> **EXERCISE PROMPT**
Repeat each record below exactly, dropping the pictures.

> **ENTRIES PROVIDED**

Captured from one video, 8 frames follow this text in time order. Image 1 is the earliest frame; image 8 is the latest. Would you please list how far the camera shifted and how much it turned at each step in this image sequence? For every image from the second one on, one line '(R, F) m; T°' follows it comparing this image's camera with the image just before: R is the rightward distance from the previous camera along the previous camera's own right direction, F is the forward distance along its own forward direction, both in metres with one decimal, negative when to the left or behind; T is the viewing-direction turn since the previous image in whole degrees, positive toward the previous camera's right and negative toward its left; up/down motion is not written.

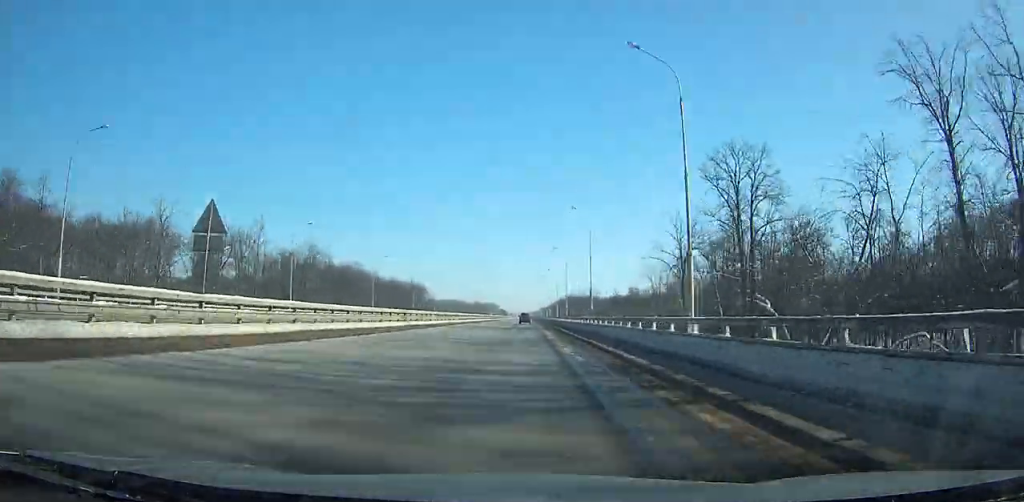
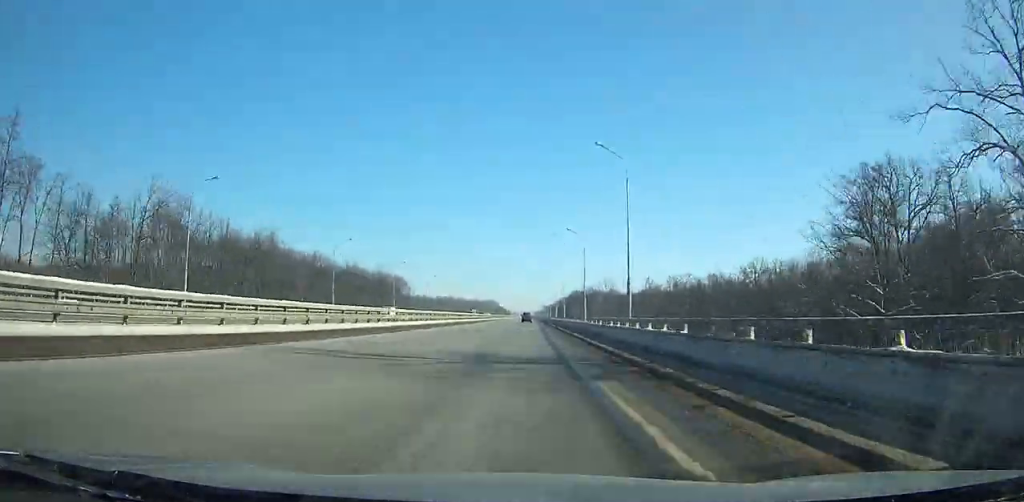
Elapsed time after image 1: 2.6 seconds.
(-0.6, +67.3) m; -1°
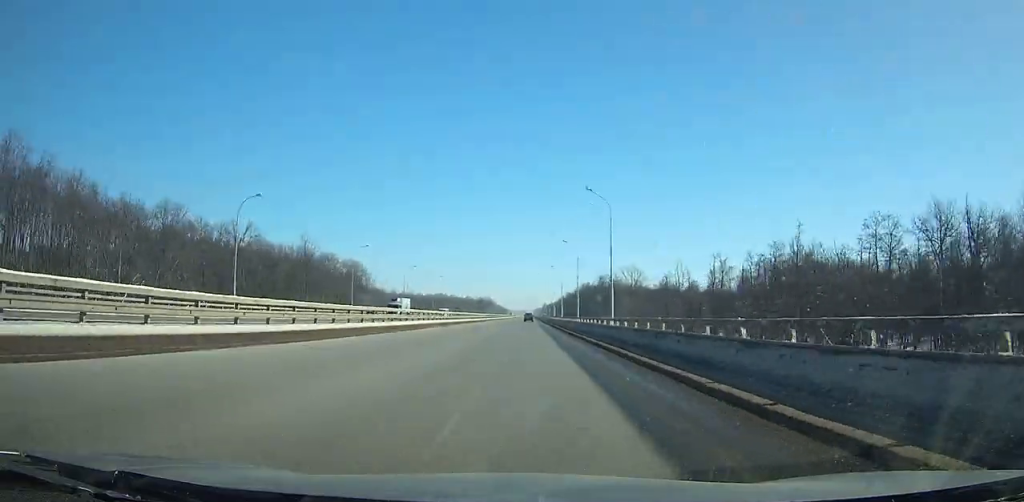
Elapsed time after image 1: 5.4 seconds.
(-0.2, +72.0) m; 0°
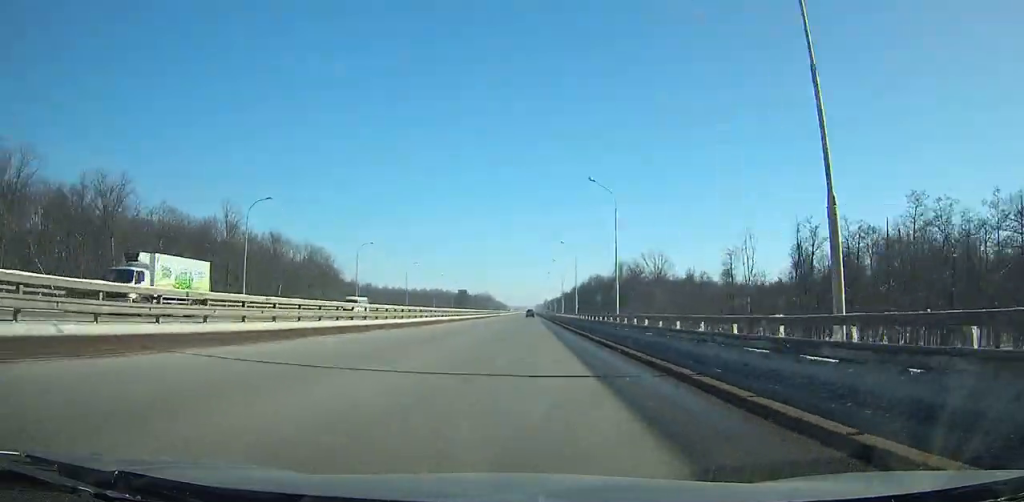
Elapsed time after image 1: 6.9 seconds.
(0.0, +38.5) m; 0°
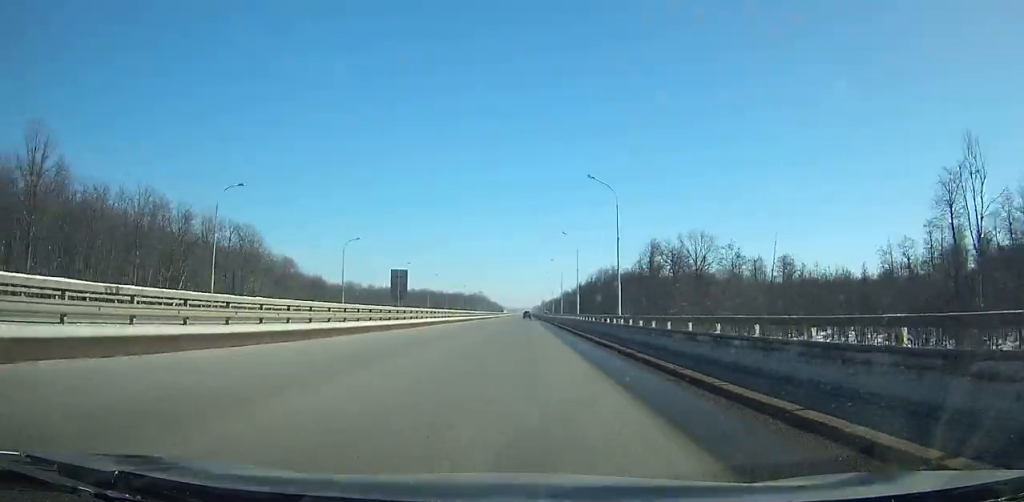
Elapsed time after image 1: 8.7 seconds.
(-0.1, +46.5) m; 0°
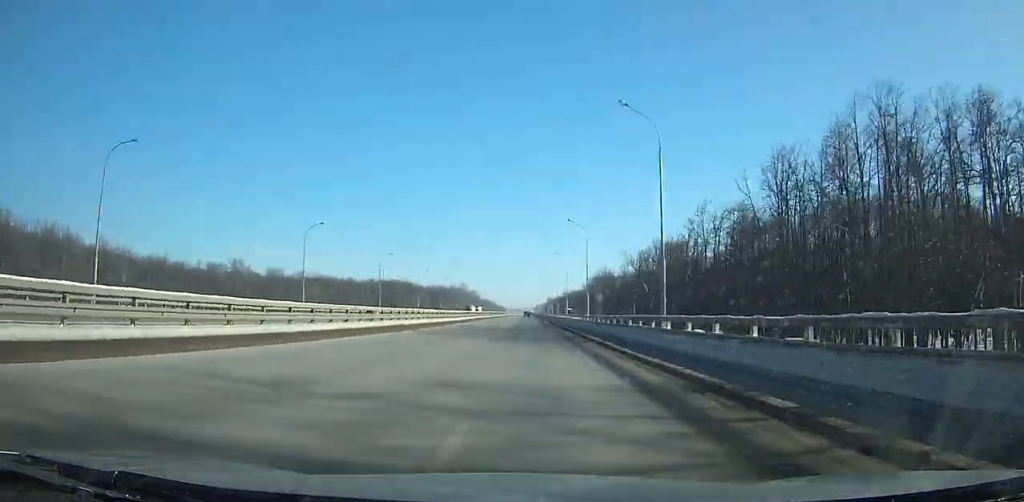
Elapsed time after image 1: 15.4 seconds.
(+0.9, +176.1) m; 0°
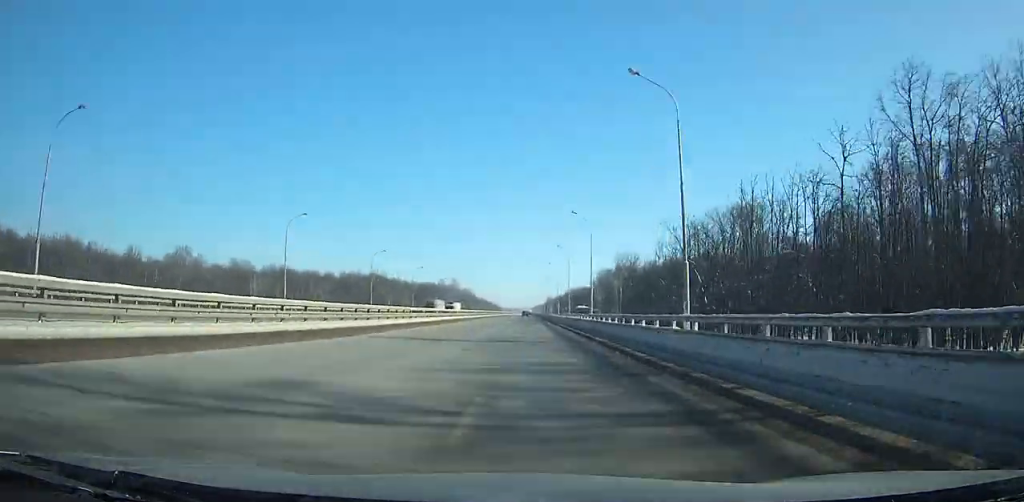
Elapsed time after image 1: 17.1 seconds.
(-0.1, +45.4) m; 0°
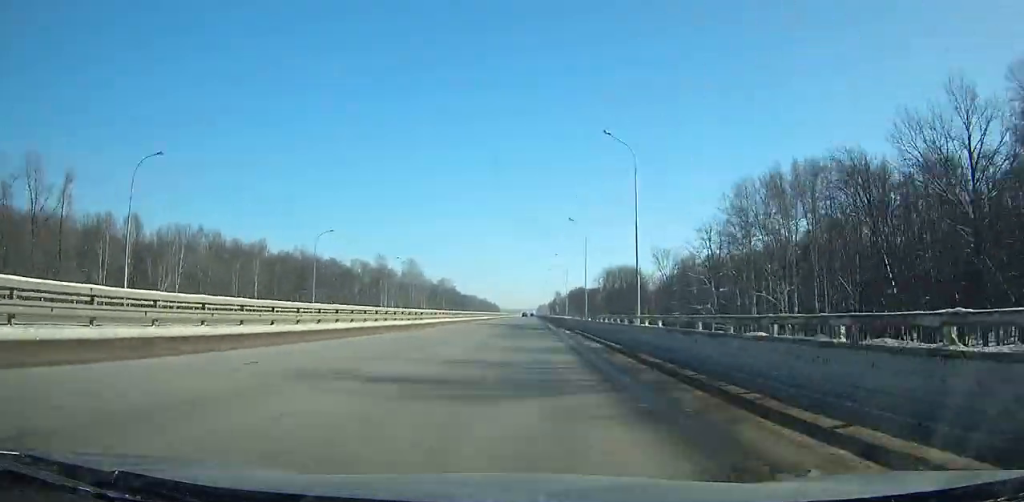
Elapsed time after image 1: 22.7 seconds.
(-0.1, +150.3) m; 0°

> **TASK OUTPUT**
Captured from one video, 8 frames follow this text in time order. Image 1 is the earliest frame; image 8 is the latest. Would you please list how far the camera shifted and how much it turned at each step in this image sequence? For every image from the second one on, one line '(R, F) m; T°' follows it comparing this image's camera with the image just before: R is the rightward distance from the previous camera along the previous camera's own right direction, F is the forward distance along its own forward direction, both in metres with one decimal, negative when to the left or behind; T is the viewing-direction turn since the previous image in whole degrees, positive toward the previous camera's right and negative toward its left; up/down motion is not written.

Elapsed time after image 1: 2.6 seconds.
(-0.6, +67.3) m; -1°
Elapsed time after image 1: 5.4 seconds.
(-0.2, +72.0) m; 0°
Elapsed time after image 1: 6.9 seconds.
(0.0, +38.5) m; 0°
Elapsed time after image 1: 8.7 seconds.
(-0.1, +46.5) m; 0°
Elapsed time after image 1: 15.4 seconds.
(+0.9, +176.1) m; 0°
Elapsed time after image 1: 17.1 seconds.
(-0.1, +45.4) m; 0°
Elapsed time after image 1: 22.7 seconds.
(-0.1, +150.3) m; 0°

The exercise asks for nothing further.